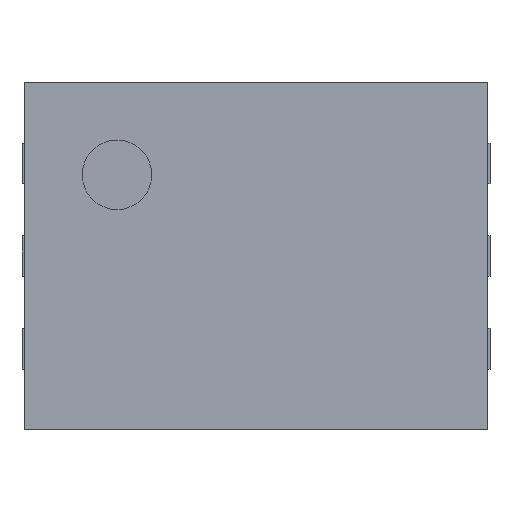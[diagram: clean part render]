
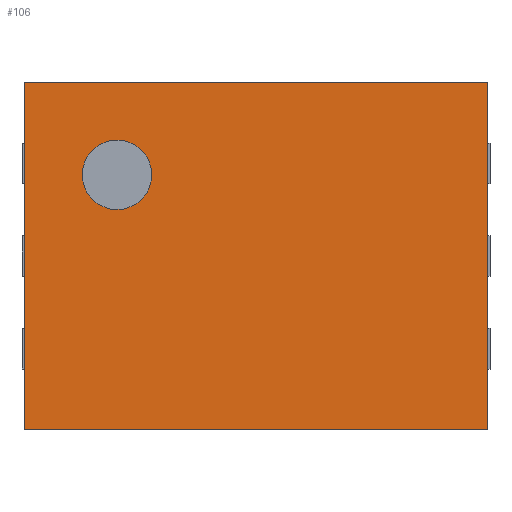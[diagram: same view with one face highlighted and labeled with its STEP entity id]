
A CAD part, top view. The second image highlights one B-rep face of the part: STEP entity #106.
In plain terms, the highlighted planar face has unit normal (0, 0, 1).
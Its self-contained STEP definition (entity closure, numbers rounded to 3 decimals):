
#13=DIRECTION('',(0.,0.,1.));
#14=DIRECTION('',(1.,0.,0.));
#65=VERTEX_POINT('',#66);
#66=CARTESIAN_POINT('',(-2.,-1.5,0.97));
#74=VECTOR('',#75,1.);
#75=DIRECTION('',(0.,1.,0.));
#78=VERTEX_POINT('',#79);
#79=CARTESIAN_POINT('',(-2.,1.5,0.97));
#81=ORIENTED_EDGE('',*,*,#82,.F.);
#82=EDGE_CURVE('',#65,#78,#83,.T.);
#83=LINE('',#66,#74);
#94=VECTOR('',#14,1.);
#96=ORIENTED_EDGE('',*,*,#97,.T.);
#97=EDGE_CURVE('',#65,#98,#100,.T.);
#98=VERTEX_POINT('',#99);
#99=CARTESIAN_POINT('',(2.,-1.5,0.97));
#100=LINE('',#66,#94);
#106=ADVANCED_FACE('',(#107,#117),#128,.T.);
#107=FACE_BOUND('',#108,.T.);
#108=EDGE_LOOP('',(#81,#96,#109,#114));
#109=ORIENTED_EDGE('',*,*,#110,.T.);
#110=EDGE_CURVE('',#98,#111,#113,.T.);
#111=VERTEX_POINT('',#112);
#112=CARTESIAN_POINT('',(2.,1.5,0.97));
#113=LINE('',#99,#74);
#114=ORIENTED_EDGE('',*,*,#115,.F.);
#115=EDGE_CURVE('',#78,#111,#116,.T.);
#116=LINE('',#79,#94);
#117=FACE_BOUND('',#118,.T.);
#118=EDGE_LOOP('',(#119));
#119=ORIENTED_EDGE('',*,*,#120,.T.);
#120=EDGE_CURVE('',#121,#121,#123,.T.);
#121=VERTEX_POINT('',#122);
#122=CARTESIAN_POINT('',(-1.5,0.7,0.97));
#123=CIRCLE('',#124,0.3);
#124=AXIS2_PLACEMENT_3D('',#125,#126,#127);
#125=CARTESIAN_POINT('',(-1.2,0.7,0.97));
#126=DIRECTION('',(0.,0.,-1.));
#127=DIRECTION('',(-1.,0.,0.));
#128=PLANE('',#129);
#129=AXIS2_PLACEMENT_3D('',#66,#13,#14);
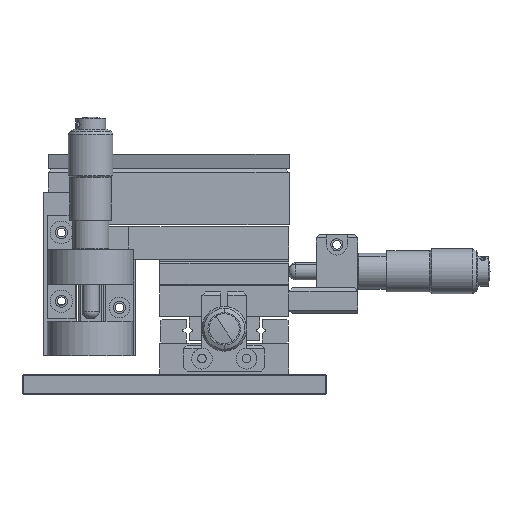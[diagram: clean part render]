
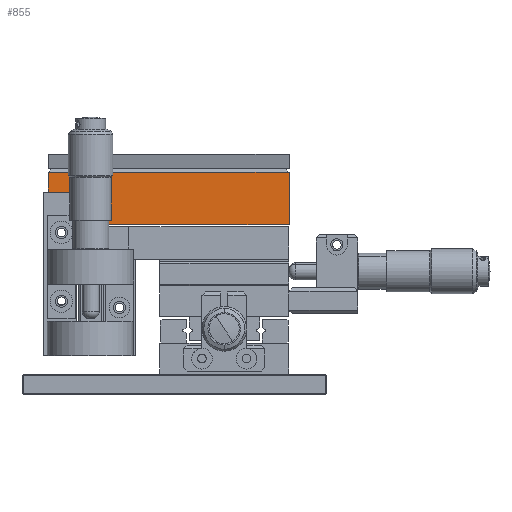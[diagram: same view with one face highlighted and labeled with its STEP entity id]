
A CAD part, front view. The second image highlights one B-rep face of the part: STEP entity #855.
In plain terms, the highlighted planar face has unit normal (0, -1, 0).
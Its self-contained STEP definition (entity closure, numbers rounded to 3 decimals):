
#25 = EDGE_CURVE ( 'NONE', #6610, #8576, #20346, .T. ) ;
#855 = ADVANCED_FACE ( 'NONE', ( #12197 ), #4336, .F. ) ;
#1140 = DIRECTION ( 'NONE',  ( -1., 0., 0. ) ) ;
#1668 = LINE ( 'NONE', #10413, #18475 ) ;
#2332 = CARTESIAN_POINT ( 'NONE',  ( 33.45, -18.8, 64.7 ) ) ;
#2743 = VECTOR ( 'NONE', #14287, 1000. ) ;
#3848 = EDGE_LOOP ( 'NONE', ( #11508, #15703, #8522, #7837, #5231, #7899 ) ) ;
#3975 = DIRECTION ( 'NONE',  ( 1., 0., 0. ) ) ;
#4336 = PLANE ( 'NONE',  #11263 ) ;
#4821 = DIRECTION ( 'NONE',  ( 1., 0., 0. ) ) ;
#5107 = CARTESIAN_POINT ( 'NONE',  ( 33.45, -18.8, 49.4 ) ) ;
#5231 = ORIENTED_EDGE ( 'NONE', *, *, #19236, .T. ) ;
#5375 = CARTESIAN_POINT ( 'NONE',  ( -28.05, -18.8, 58.9 ) ) ;
#5705 = CARTESIAN_POINT ( 'NONE',  ( -36.55, -18.8, 65.7 ) ) ;
#6593 = VECTOR ( 'NONE', #4821, 1000. ) ;
#6610 = VERTEX_POINT ( 'NONE', #11644 ) ;
#6634 = CARTESIAN_POINT ( 'NONE',  ( -36.55, -18.8, 64.7 ) ) ;
#7478 = CARTESIAN_POINT ( 'NONE',  ( -36.55, -18.8, 64.7 ) ) ;
#7837 = ORIENTED_EDGE ( 'NONE', *, *, #9770, .T. ) ;
#7899 = ORIENTED_EDGE ( 'NONE', *, *, #25, .T. ) ;
#8072 = LINE ( 'NONE', #21014, #2743 ) ;
#8522 = ORIENTED_EDGE ( 'NONE', *, *, #10974, .T. ) ;
#8576 = VERTEX_POINT ( 'NONE', #5107 ) ;
#9253 = CARTESIAN_POINT ( 'NONE',  ( 33.45, -18.8, 65.7 ) ) ;
#9258 = DIRECTION ( 'NONE',  ( 0., 1., 0. ) ) ;
#9770 = EDGE_CURVE ( 'NONE', #14212, #13998, #20697, .T. ) ;
#10413 = CARTESIAN_POINT ( 'NONE',  ( -28.05, -18.8, 49.4 ) ) ;
#10641 = VECTOR ( 'NONE', #13266, 1000. ) ;
#10748 = EDGE_CURVE ( 'NONE', #19938, #15833, #17236, .T. ) ;
#10974 = EDGE_CURVE ( 'NONE', #15833, #14212, #8072, .T. ) ;
#11263 = AXIS2_PLACEMENT_3D ( 'NONE', #5705, #9258, #1140 ) ;
#11508 = ORIENTED_EDGE ( 'NONE', *, *, #12964, .T. ) ;
#11644 = CARTESIAN_POINT ( 'NONE',  ( -28.05, -18.8, 49.4 ) ) ;
#11805 = VECTOR ( 'NONE', #12322, 1000. ) ;
#12197 = FACE_OUTER_BOUND ( 'NONE', #3848, .T. ) ;
#12322 = DIRECTION ( 'NONE',  ( 0., 0., 1. ) ) ;
#12555 = LINE ( 'NONE', #9253, #11805 ) ;
#12964 = EDGE_CURVE ( 'NONE', #8576, #19938, #12555, .T. ) ;
#13266 = DIRECTION ( 'NONE',  ( -1., 0., 0. ) ) ;
#13998 = VERTEX_POINT ( 'NONE', #5375 ) ;
#14212 = VERTEX_POINT ( 'NONE', #20407 ) ;
#14287 = DIRECTION ( 'NONE',  ( 0., 0., -1. ) ) ;
#15703 = ORIENTED_EDGE ( 'NONE', *, *, #10748, .T. ) ;
#15833 = VERTEX_POINT ( 'NONE', #7478 ) ;
#16852 = CARTESIAN_POINT ( 'NONE',  ( -28.05, -18.8, 58.9 ) ) ;
#17236 = LINE ( 'NONE', #6634, #10641 ) ;
#18438 = DIRECTION ( 'NONE',  ( 0., 0., -1. ) ) ;
#18475 = VECTOR ( 'NONE', #18438, 1000. ) ;
#18683 = VECTOR ( 'NONE', #3975, 1000. ) ;
#19236 = EDGE_CURVE ( 'NONE', #13998, #6610, #1668, .T. ) ;
#19938 = VERTEX_POINT ( 'NONE', #2332 ) ;
#20346 = LINE ( 'NONE', #20953, #6593 ) ;
#20407 = CARTESIAN_POINT ( 'NONE',  ( -36.55, -18.8, 58.9 ) ) ;
#20697 = LINE ( 'NONE', #16852, #18683 ) ;
#20953 = CARTESIAN_POINT ( 'NONE',  ( 33.45, -18.8, 49.4 ) ) ;
#21014 = CARTESIAN_POINT ( 'NONE',  ( -36.55, -18.8, 58.9 ) ) ;

··········

Requirement: Please return only the lines above, starting at the line that has "#8522 = ORIENTED_EDGE" and ending at the line that has "#12555 = LINE ( 'NONE', #9253, #11805 ) ;", keeping both and leaving each one unchanged.

Task output:
#8522 = ORIENTED_EDGE ( 'NONE', *, *, #10974, .T. ) ;
#8576 = VERTEX_POINT ( 'NONE', #5107 ) ;
#9253 = CARTESIAN_POINT ( 'NONE',  ( 33.45, -18.8, 65.7 ) ) ;
#9258 = DIRECTION ( 'NONE',  ( 0., 1., 0. ) ) ;
#9770 = EDGE_CURVE ( 'NONE', #14212, #13998, #20697, .T. ) ;
#10413 = CARTESIAN_POINT ( 'NONE',  ( -28.05, -18.8, 49.4 ) ) ;
#10641 = VECTOR ( 'NONE', #13266, 1000. ) ;
#10748 = EDGE_CURVE ( 'NONE', #19938, #15833, #17236, .T. ) ;
#10974 = EDGE_CURVE ( 'NONE', #15833, #14212, #8072, .T. ) ;
#11263 = AXIS2_PLACEMENT_3D ( 'NONE', #5705, #9258, #1140 ) ;
#11508 = ORIENTED_EDGE ( 'NONE', *, *, #12964, .T. ) ;
#11644 = CARTESIAN_POINT ( 'NONE',  ( -28.05, -18.8, 49.4 ) ) ;
#11805 = VECTOR ( 'NONE', #12322, 1000. ) ;
#12197 = FACE_OUTER_BOUND ( 'NONE', #3848, .T. ) ;
#12322 = DIRECTION ( 'NONE',  ( 0., 0., 1. ) ) ;
#12555 = LINE ( 'NONE', #9253, #11805 ) ;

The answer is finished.